» YOUR INSTRUCTIONS
Considering only lines that hold the word "beach", report how many there are in the listing below, as a single number.

» INFORMATION PROVIDED
****************

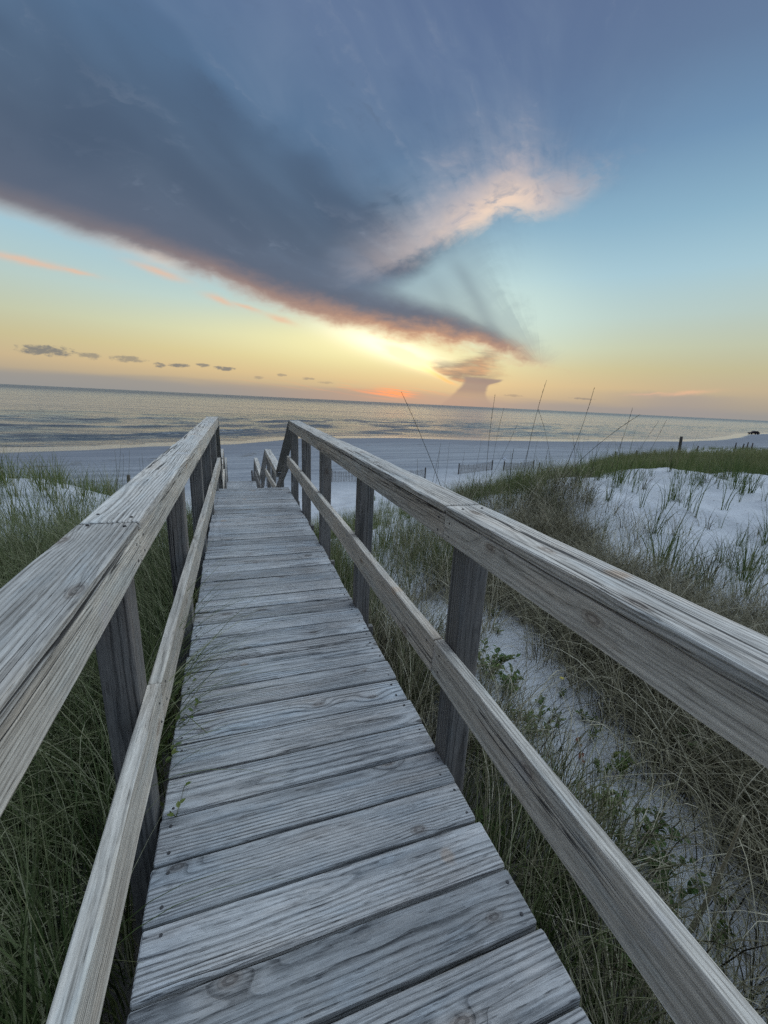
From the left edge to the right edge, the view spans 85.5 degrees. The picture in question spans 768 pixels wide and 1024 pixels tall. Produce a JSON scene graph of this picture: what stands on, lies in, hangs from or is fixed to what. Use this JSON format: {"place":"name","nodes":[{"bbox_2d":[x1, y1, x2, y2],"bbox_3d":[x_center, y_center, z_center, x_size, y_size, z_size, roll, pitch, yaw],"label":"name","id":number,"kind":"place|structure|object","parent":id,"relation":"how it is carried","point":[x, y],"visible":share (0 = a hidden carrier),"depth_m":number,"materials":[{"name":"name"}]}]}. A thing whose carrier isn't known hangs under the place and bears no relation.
{"place":"outdoors","nodes":[
{"label":"outdoors","id":0,"kind":"place"},
{"bbox_2d":[0,433,767,1023],"bbox_3d":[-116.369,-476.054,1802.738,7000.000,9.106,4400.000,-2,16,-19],"label":"sand ground","id":1,"kind":"structure","parent":0,"point":[408,453],"depth_m":6.62,"materials":[{"name":"white sand"}]},
{"bbox_2d":[0,441,192,546],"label":"dune grass","id":2,"kind":"structure","parent":1,"relation":"on","point":[60,478],"depth_m":6.95,"materials":[{"name":"green plant"}]},
{"bbox_2d":[0,479,197,1023],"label":"dune grass","id":3,"kind":"structure","parent":1,"relation":"on","point":[76,738],"depth_m":1.68,"materials":[{"name":"green plant"}]},
{"bbox_2d":[32,530,333,1023],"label":"dune grass","id":4,"kind":"structure","parent":1,"relation":"on","point":[182,678],"depth_m":1.55,"materials":[{"name":"green plant"}]},
{"bbox_2d":[251,470,271,486],"bbox_3d":[-7.686,-1.944,27.147,2.052,1.438,0.138,5,15,8],"label":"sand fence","id":5,"kind":"object","parent":1,"relation":"on","point":[261,476],"visible":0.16,"depth_m":27.15,"materials":[{"name":"grey wood"}]},
{"bbox_2d":[331,467,425,481],"bbox_3d":[-0.211,-2.670,31.693,8.160,1.529,0.309,-5,17,-27],"label":"sand fence","id":6,"kind":"object","parent":1,"relation":"on","point":[411,471],"visible":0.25,"depth_m":30.49,"materials":[{"name":"grey wood"}]},
{"bbox_2d":[0,417,767,1023],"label":"boardwalk","id":7,"kind":"structure","parent":1,"relation":"on","point":[356,833],"depth_m":1.11,"materials":[{"name":"grey wood"}]},
{"bbox_2d":[125,660,208,920],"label":"grass","id":8,"kind":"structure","parent":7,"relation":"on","point":[178,803],"depth_m":1.65,"materials":[{"name":"green plant"}]},
{"bbox_2d":[11,444,767,528],"bbox_3d":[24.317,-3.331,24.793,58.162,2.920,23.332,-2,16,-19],"label":"dune grass","id":9,"kind":"structure","parent":1,"relation":"on","point":[662,461],"depth_m":11.69,"materials":[{"name":"green plant"}]},
{"bbox_2d":[401,392,440,485],"bbox_3d":[0.752,-0.499,5.515,1.103,2.083,0.445,0,15,-9],"label":"sea oat stalk","id":10,"kind":"object","parent":1,"relation":"on","point":[423,441],"visible":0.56,"depth_m":5.50,"materials":[{"name":"plant"}]},
{"bbox_2d":[311,452,564,608],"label":"dune grass","id":11,"kind":"structure","parent":1,"relation":"on","point":[381,538],"depth_m":6.24,"materials":[{"name":"green plant"}]},
{"bbox_2d":[458,460,492,473],"bbox_3d":[8.568,-4.002,38.624,5.407,1.372,0.128,-11,20,-42],"label":"sand fence","id":12,"kind":"object","parent":1,"relation":"on","point":[459,467],"visible":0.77,"depth_m":38.58,"materials":[{"name":"grey wood"}]},
{"bbox_2d":[465,464,497,505],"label":"grass tuft","id":13,"kind":"object","parent":1,"relation":"on","point":[479,489],"visible":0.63,"depth_m":6.81,"materials":[{"name":"green plant"}]},
{"bbox_2d":[473,808,504,835],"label":"leafy plant","id":14,"kind":"object","parent":1,"relation":"on","point":[481,817],"visible":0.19,"depth_m":1.91,"materials":[{"name":"green plant"}]},
{"bbox_2d":[485,397,497,497],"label":"sea oat stalk","id":15,"kind":"object","parent":1,"relation":"on","point":[488,445],"visible":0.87,"depth_m":7.32,"materials":[{"name":"plant"}]},
{"bbox_2d":[478,639,520,680],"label":"leafy plant","id":16,"kind":"object","parent":1,"relation":"on","point":[504,658],"visible":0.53,"depth_m":3.07,"materials":[{"name":"green plant"}]},
{"bbox_2d":[485,659,523,696],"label":"leafy plant","id":17,"kind":"object","parent":1,"relation":"on","point":[507,676],"visible":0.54,"depth_m":2.92,"materials":[{"name":"green plant"}]},
{"bbox_2d":[501,449,515,517],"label":"sea oat stalk","id":18,"kind":"object","parent":1,"relation":"on","point":[508,485],"visible":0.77,"depth_m":6.01,"materials":[{"name":"plant"}]},
{"bbox_2d":[503,460,534,469],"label":"sand fence","id":19,"kind":"object","parent":1,"relation":"on","point":[518,464],"visible":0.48,"depth_m":41.70,"materials":[{"name":"grey wood"}]},
{"bbox_2d":[509,465,528,502],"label":"grass tuft","id":20,"kind":"object","parent":1,"relation":"on","point":[517,487],"visible":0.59,"depth_m":6.89,"materials":[{"name":"green plant"}]},
{"bbox_2d":[505,450,534,490],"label":"grass tuft","id":21,"kind":"object","parent":1,"relation":"on","point":[514,478],"visible":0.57,"depth_m":7.44,"materials":[{"name":"green plant"}]},
{"bbox_2d":[509,704,533,718],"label":"creeper sprig","id":22,"kind":"object","parent":1,"relation":"on","point":[523,710],"visible":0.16,"depth_m":2.72,"materials":[{"name":"green plant"}]},
{"bbox_2d":[523,712,535,734],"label":"creeper sprig","id":23,"kind":"object","parent":1,"relation":"on","point":[529,723],"visible":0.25,"depth_m":2.61,"materials":[{"name":"green plant"}]},
{"bbox_2d":[515,380,546,494],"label":"sea oat stalk","id":24,"kind":"object","parent":1,"relation":"on","point":[530,438],"visible":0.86,"depth_m":6.70,"materials":[{"name":"plant"}]},
{"bbox_2d":[530,705,550,719],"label":"creeper sprig","id":25,"kind":"object","parent":1,"relation":"on","point":[540,711],"visible":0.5,"depth_m":2.69,"materials":[{"name":"green plant"}]},
{"bbox_2d":[535,693,545,706],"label":"creeper sprig","id":26,"kind":"object","parent":1,"relation":"on","point":[541,699],"visible":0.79,"depth_m":2.85,"materials":[{"name":"green plant"}]},
{"bbox_2d":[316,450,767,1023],"bbox_3d":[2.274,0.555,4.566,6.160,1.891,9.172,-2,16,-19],"label":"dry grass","id":27,"kind":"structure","parent":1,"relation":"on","point":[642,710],"depth_m":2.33,"materials":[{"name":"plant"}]},
{"bbox_2d":[533,718,559,736],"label":"creeper sprig","id":28,"kind":"object","parent":1,"relation":"on","point":[546,727],"visible":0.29,"depth_m":2.56,"materials":[{"name":"green plant"}]},
{"bbox_2d":[538,410,560,489],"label":"sea oat stalk","id":29,"kind":"object","parent":1,"relation":"on","point":[549,454],"visible":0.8,"depth_m":7.03,"materials":[{"name":"plant"}]},
{"bbox_2d":[552,707,565,722],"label":"creeper sprig","id":30,"kind":"object","parent":1,"relation":"on","point":[559,718],"visible":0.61,"depth_m":2.66,"materials":[{"name":"green plant"}]},
{"bbox_2d":[549,388,594,484],"bbox_3d":[2.846,-1.111,6.714,0.594,1.772,0.451,-2,16,-19],"label":"sea oat stalk","id":31,"kind":"object","parent":1,"relation":"on","point":[578,436],"visible":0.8,"depth_m":6.65,"materials":[{"name":"plant"}]},
{"bbox_2d":[568,444,598,481],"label":"grass tuft","id":32,"kind":"object","parent":1,"relation":"on","point":[579,467],"visible":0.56,"depth_m":7.38,"materials":[{"name":"green plant"}]},
{"bbox_2d":[577,908,594,928],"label":"creeper sprig","id":33,"kind":"object","parent":1,"relation":"on","point":[583,920],"visible":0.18,"depth_m":1.65,"materials":[{"name":"green plant"}]},
{"bbox_2d":[575,709,597,722],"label":"creeper sprig","id":34,"kind":"object","parent":1,"relation":"on","point":[577,711],"visible":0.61,"depth_m":2.64,"materials":[{"name":"green plant"}]},
{"bbox_2d":[546,415,638,497],"bbox_3d":[3.051,-0.727,6.245,1.086,1.527,0.307,14,19,37],"label":"sea oat stalk","id":35,"kind":"object","parent":1,"relation":"on","point":[591,450],"visible":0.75,"depth_m":6.17,"materials":[{"name":"plant"}]},
{"bbox_2d":[584,470,604,502],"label":"grass tuft","id":36,"kind":"object","parent":1,"relation":"on","point":[594,489],"visible":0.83,"depth_m":6.59,"materials":[{"name":"green plant"}]},
{"bbox_2d":[588,725,602,739],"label":"creeper sprig","id":37,"kind":"object","parent":1,"relation":"on","point":[592,735],"visible":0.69,"depth_m":2.51,"materials":[{"name":"green plant"}]},
{"bbox_2d":[573,438,621,477],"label":"grass tuft","id":38,"kind":"object","parent":1,"relation":"on","point":[593,461],"visible":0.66,"depth_m":8.68,"materials":[{"name":"green plant"}]},
{"bbox_2d":[593,758,615,778],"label":"leafy plant","id":39,"kind":"object","parent":1,"relation":"on","point":[608,766],"visible":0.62,"depth_m":2.27,"materials":[{"name":"green plant"}]},
{"bbox_2d":[595,446,613,479],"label":"grass tuft","id":40,"kind":"object","parent":1,"relation":"on","point":[597,475],"visible":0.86,"depth_m":7.71,"materials":[{"name":"green plant"}]},
{"bbox_2d":[593,503,621,540],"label":"grass tuft","id":41,"kind":"object","parent":1,"relation":"on","point":[605,524],"visible":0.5,"depth_m":5.68,"materials":[{"name":"green plant"}]},
{"bbox_2d":[593,784,628,818],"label":"leafy plant","id":42,"kind":"object","parent":1,"relation":"on","point":[604,805],"visible":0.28,"depth_m":2.04,"materials":[{"name":"green plant"}]},
{"bbox_2d":[605,475,619,500],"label":"grass tuft","id":43,"kind":"object","parent":1,"relation":"on","point":[611,491],"visible":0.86,"depth_m":6.73,"materials":[{"name":"green plant"}]},
{"bbox_2d":[605,441,621,511],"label":"beach grass stalk","id":44,"kind":"object","parent":1,"relation":"on","point":[614,478],"visible":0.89,"depth_m":6.27,"materials":[{"name":"plant"}]},
{"bbox_2d":[597,929,636,988],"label":"leafy plant","id":45,"kind":"object","parent":1,"relation":"on","point":[629,965],"visible":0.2,"depth_m":1.47,"materials":[{"name":"green plant"}]},
{"bbox_2d":[606,407,632,478],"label":"sea oat stalk","id":46,"kind":"object","parent":1,"relation":"on","point":[616,455],"visible":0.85,"depth_m":8.33,"materials":[{"name":"plant"}]},
{"bbox_2d":[613,461,628,487],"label":"grass tuft","id":47,"kind":"object","parent":1,"relation":"on","point":[618,477],"visible":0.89,"depth_m":7.46,"materials":[{"name":"green plant"}]},
{"bbox_2d":[611,750,635,778],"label":"leafy plant","id":48,"kind":"object","parent":1,"relation":"on","point":[616,753],"visible":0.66,"depth_m":2.27,"materials":[{"name":"green plant"}]},
{"bbox_2d":[598,438,659,485],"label":"grass tuft","id":49,"kind":"object","parent":1,"relation":"on","point":[621,467],"visible":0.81,"depth_m":7.67,"materials":[{"name":"green plant"}]},
{"bbox_2d":[615,831,648,858],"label":"leafy plant","id":50,"kind":"object","parent":1,"relation":"on","point":[635,843],"visible":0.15,"depth_m":1.86,"materials":[{"name":"green plant"}]},
{"bbox_2d":[615,521,662,565],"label":"grass tuft","id":51,"kind":"object","parent":1,"relation":"on","point":[632,552],"visible":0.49,"depth_m":4.43,"materials":[{"name":"green plant"}]},
{"bbox_2d":[632,463,656,506],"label":"grass tuft","id":52,"kind":"object","parent":1,"relation":"on","point":[643,491],"visible":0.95,"depth_m":6.76,"materials":[{"name":"green plant"}]},
{"bbox_2d":[633,468,656,490],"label":"grass tuft","id":53,"kind":"object","parent":1,"relation":"on","point":[643,487],"visible":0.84,"depth_m":7.68,"materials":[{"name":"green plant"}]},
{"bbox_2d":[632,457,663,493],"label":"grass tuft","id":54,"kind":"object","parent":1,"relation":"on","point":[636,477],"visible":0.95,"depth_m":7.33,"materials":[{"name":"green plant"}]},
{"bbox_2d":[634,807,665,847],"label":"creeper sprig","id":55,"kind":"object","parent":1,"relation":"on","point":[645,829],"visible":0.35,"depth_m":1.91,"materials":[{"name":"green plant"}]},
{"bbox_2d":[630,540,671,581],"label":"grass tuft","id":56,"kind":"object","parent":1,"relation":"on","point":[656,559],"visible":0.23,"depth_m":4.32,"materials":[{"name":"green plant"}]},
{"bbox_2d":[620,492,699,570],"bbox_3d":[2.880,0.329,4.374,0.743,1.074,0.536,7,15,15],"label":"grass tuft","id":57,"kind":"object","parent":1,"relation":"on","point":[671,542],"visible":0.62,"depth_m":4.47,"materials":[{"name":"green plant"}]},
{"bbox_2d":[634,806,690,843],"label":"leafy plant","id":58,"kind":"object","parent":1,"relation":"on","point":[663,831],"visible":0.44,"depth_m":1.90,"materials":[{"name":"green plant"}]},
{"bbox_2d":[628,510,702,568],"bbox_3d":[3.416,0.306,5.106,0.785,0.807,1.142,14,19,37],"label":"grass tuft","id":59,"kind":"object","parent":1,"relation":"on","point":[665,541],"visible":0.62,"depth_m":5.17,"materials":[{"name":"green plant"}]},
{"bbox_2d":[647,486,686,534],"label":"grass tuft","id":60,"kind":"object","parent":1,"relation":"on","point":[664,518],"visible":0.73,"depth_m":5.98,"materials":[{"name":"green plant"}]},
{"bbox_2d":[639,843,695,876],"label":"leafy plant","id":61,"kind":"object","parent":1,"relation":"on","point":[672,856],"visible":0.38,"depth_m":1.79,"materials":[{"name":"green plant"}]},
{"bbox_2d":[657,463,686,508],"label":"grass tuft","id":62,"kind":"object","parent":1,"relation":"on","point":[669,492],"visible":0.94,"depth_m":6.70,"materials":[{"name":"green plant"}]},
{"bbox_2d":[651,865,698,917],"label":"leafy plant","id":63,"kind":"object","parent":1,"relation":"on","point":[692,890],"visible":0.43,"depth_m":1.73,"materials":[{"name":"green plant"}]},
{"bbox_2d":[665,471,692,501],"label":"grass tuft","id":64,"kind":"object","parent":1,"relation":"on","point":[674,497],"visible":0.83,"depth_m":7.18,"materials":[{"name":"green plant"}]},
{"bbox_2d":[678,436,682,453],"bbox_3d":[17.886,-3.662,25.179,0.294,1.812,0.167,-2,16,-19],"label":"wooden post","id":65,"kind":"object","parent":1,"relation":"on","point":[680,441],"visible":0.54,"depth_m":24.99,"materials":[{"name":"brown wood"}]},
{"bbox_2d":[674,486,693,502],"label":"grass tuft","id":66,"kind":"object","parent":1,"relation":"on","point":[683,495],"visible":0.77,"depth_m":7.15,"materials":[{"name":"green plant"}]},
{"bbox_2d":[670,533,701,580],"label":"grass tuft","id":67,"kind":"object","parent":1,"relation":"on","point":[689,564],"visible":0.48,"depth_m":4.56,"materials":[{"name":"green plant"}]},
{"bbox_2d":[628,510,747,576],"bbox_3d":[3.437,0.336,4.779,1.281,0.905,0.880,3,15,1],"label":"grass tuft","id":68,"kind":"object","parent":1,"relation":"on","point":[674,557],"visible":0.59,"depth_m":4.81,"materials":[{"name":"green plant"}]},
{"bbox_2d":[679,488,696,506],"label":"grass tuft","id":69,"kind":"object","parent":1,"relation":"on","point":[684,500],"visible":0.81,"depth_m":6.91,"materials":[{"name":"green plant"}]},
{"bbox_2d":[677,429,703,473],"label":"grass tuft","id":70,"kind":"object","parent":1,"relation":"on","point":[689,460],"visible":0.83,"depth_m":9.06,"materials":[{"name":"green plant"}]},
{"bbox_2d":[674,726,719,761],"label":"leafy plant","id":71,"kind":"object","parent":1,"relation":"on","point":[683,734],"visible":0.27,"depth_m":2.37,"materials":[{"name":"green plant"}]},
{"bbox_2d":[682,456,711,485],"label":"grass tuft","id":72,"kind":"object","parent":1,"relation":"on","point":[694,482],"visible":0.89,"depth_m":8.30,"materials":[{"name":"green plant"}]},
{"bbox_2d":[685,444,708,478],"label":"grass tuft","id":73,"kind":"object","parent":1,"relation":"on","point":[698,466],"visible":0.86,"depth_m":8.73,"materials":[{"name":"green plant"}]},
{"bbox_2d":[682,461,725,516],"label":"grass tuft","id":74,"kind":"object","parent":1,"relation":"on","point":[703,493],"visible":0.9,"depth_m":6.55,"materials":[{"name":"green plant"}]},
{"bbox_2d":[687,536,724,583],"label":"grass tuft","id":75,"kind":"object","parent":1,"relation":"on","point":[703,565],"visible":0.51,"depth_m":4.68,"materials":[{"name":"green plant"}]},
{"bbox_2d":[686,455,728,513],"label":"grass tuft","id":76,"kind":"object","parent":1,"relation":"on","point":[693,494],"visible":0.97,"depth_m":6.71,"materials":[{"name":"green plant"}]},
{"bbox_2d":[696,504,723,529],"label":"grass tuft","id":77,"kind":"object","parent":1,"relation":"on","point":[706,520],"visible":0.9,"depth_m":6.43,"materials":[{"name":"green plant"}]},
{"bbox_2d":[699,463,727,485],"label":"grass tuft","id":78,"kind":"object","parent":1,"relation":"on","point":[708,475],"visible":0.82,"depth_m":8.57,"materials":[{"name":"green plant"}]},
{"bbox_2d":[694,543,737,589],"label":"grass tuft","id":79,"kind":"object","parent":1,"relation":"on","point":[711,572],"visible":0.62,"depth_m":4.46,"materials":[{"name":"green plant"}]},
{"bbox_2d":[688,815,744,932],"bbox_3d":[1.273,1.397,1.598,0.070,0.601,0.020,2,15,-3],"label":"beach grass stalk","id":80,"kind":"object","parent":1,"relation":"on","point":[724,863],"visible":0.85,"depth_m":1.60,"materials":[{"name":"green plant"}]},
{"bbox_2d":[697,873,735,907],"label":"creeper sprig","id":81,"kind":"object","parent":1,"relation":"on","point":[702,886],"visible":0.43,"depth_m":1.76,"materials":[{"name":"green plant"}]},
{"bbox_2d":[706,914,734,952],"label":"creeper sprig","id":82,"kind":"object","parent":1,"relation":"on","point":[719,927],"visible":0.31,"depth_m":1.63,"materials":[{"name":"green plant"}]},
{"bbox_2d":[693,545,750,601],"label":"grass tuft","id":83,"kind":"object","parent":1,"relation":"on","point":[713,576],"visible":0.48,"depth_m":4.04,"materials":[{"name":"green plant"}]},
{"bbox_2d":[706,524,740,564],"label":"grass tuft","id":84,"kind":"object","parent":1,"relation":"on","point":[718,548],"visible":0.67,"depth_m":5.27,"materials":[{"name":"green plant"}]},
{"bbox_2d":[713,449,739,478],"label":"grass tuft","id":85,"kind":"object","parent":1,"relation":"on","point":[726,467],"visible":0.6,"depth_m":9.66,"materials":[{"name":"green plant"}]},
{"bbox_2d":[692,532,761,588],"bbox_3d":[3.743,0.537,4.719,0.501,0.612,0.833,0,15,-9],"label":"grass tuft","id":86,"kind":"object","parent":1,"relation":"on","point":[717,566],"visible":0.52,"depth_m":4.68,"materials":[{"name":"green plant"}]},
{"bbox_2d":[716,445,740,488],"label":"grass tuft","id":87,"kind":"object","parent":1,"relation":"on","point":[720,471],"visible":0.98,"depth_m":8.23,"materials":[{"name":"green plant"}]},
{"bbox_2d":[691,538,767,601],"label":"grass tuft","id":88,"kind":"object","parent":1,"relation":"on","point":[750,589],"visible":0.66,"depth_m":4.29,"materials":[{"name":"green plant"}]},
{"bbox_2d":[716,447,750,477],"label":"grass tuft","id":89,"kind":"object","parent":1,"relation":"on","point":[735,464],"visible":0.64,"depth_m":9.74,"materials":[{"name":"green plant"}]},
{"bbox_2d":[703,452,766,489],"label":"grass tuft","id":90,"kind":"object","parent":1,"relation":"on","point":[732,479],"visible":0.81,"depth_m":8.36,"materials":[{"name":"green plant"}]},
{"bbox_2d":[713,524,763,570],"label":"grass tuft","id":91,"kind":"object","parent":1,"relation":"on","point":[737,555],"visible":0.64,"depth_m":5.08,"materials":[{"name":"green plant"}]},
{"bbox_2d":[721,462,761,510],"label":"grass tuft","id":92,"kind":"object","parent":1,"relation":"on","point":[725,492],"visible":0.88,"depth_m":7.06,"materials":[{"name":"green plant"}]},
{"bbox_2d":[720,514,767,582],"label":"grass tuft","id":93,"kind":"object","parent":1,"relation":"on","point":[744,566],"visible":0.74,"depth_m":4.66,"materials":[{"name":"green plant"}]},
{"bbox_2d":[738,459,753,483],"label":"grass tuft","id":94,"kind":"object","parent":1,"relation":"on","point":[744,473],"visible":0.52,"depth_m":8.81,"materials":[{"name":"green plant"}]},
{"bbox_2d":[736,522,758,546],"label":"grass tuft","id":95,"kind":"object","parent":1,"relation":"on","point":[741,541],"visible":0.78,"depth_m":5.76,"materials":[{"name":"green plant"}]},
{"bbox_2d":[731,532,767,573],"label":"grass tuft","id":96,"kind":"object","parent":1,"relation":"on","point":[761,559],"visible":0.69,"depth_m":4.95,"materials":[{"name":"green plant"}]},
{"bbox_2d":[735,530,767,574],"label":"grass tuft","id":97,"kind":"object","parent":1,"relation":"on","point":[754,554],"visible":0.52,"depth_m":4.97,"materials":[{"name":"green plant"}]},
{"bbox_2d":[737,458,765,494],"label":"grass tuft","id":98,"kind":"object","parent":1,"relation":"on","point":[742,491],"visible":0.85,"depth_m":7.94,"materials":[{"name":"green plant"}]},
{"bbox_2d":[748,460,767,493],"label":"grass tuft","id":99,"kind":"object","parent":1,"relation":"on","point":[755,486],"visible":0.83,"depth_m":8.00,"materials":[{"name":"green plant"}]},
{"bbox_2d":[749,490,767,545],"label":"grass tuft","id":100,"kind":"object","parent":1,"relation":"on","point":[764,534],"visible":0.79,"depth_m":6.00,"materials":[{"name":"green plant"}]},
{"bbox_2d":[0,384,767,446],"bbox_3d":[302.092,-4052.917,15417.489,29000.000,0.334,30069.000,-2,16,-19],"label":"sea","id":101,"kind":"structure","parent":0,"point":[41,416],"depth_m":151.71,"materials":[{"name":"liquid"}]},
{"bbox_2d":[0,0,767,420],"label":"sky","id":102,"kind":"structure","parent":0,"point":[471,203],"materials":[{"name":"blue"}]},
{"bbox_2d":[311,512,767,1023],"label":"dune grass","id":103,"kind":"structure","parent":0,"point":[545,908],"depth_m":1.62,"materials":[{"name":"green plant"}]},
{"bbox_2d":[748,431,759,434],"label":"parked car","id":104,"kind":"object","parent":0,"point":[755,432],"visible":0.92,"depth_m":191.01,"materials":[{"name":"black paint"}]}
]}

****************

» SOLUTION FOR THIS EXERCISE
2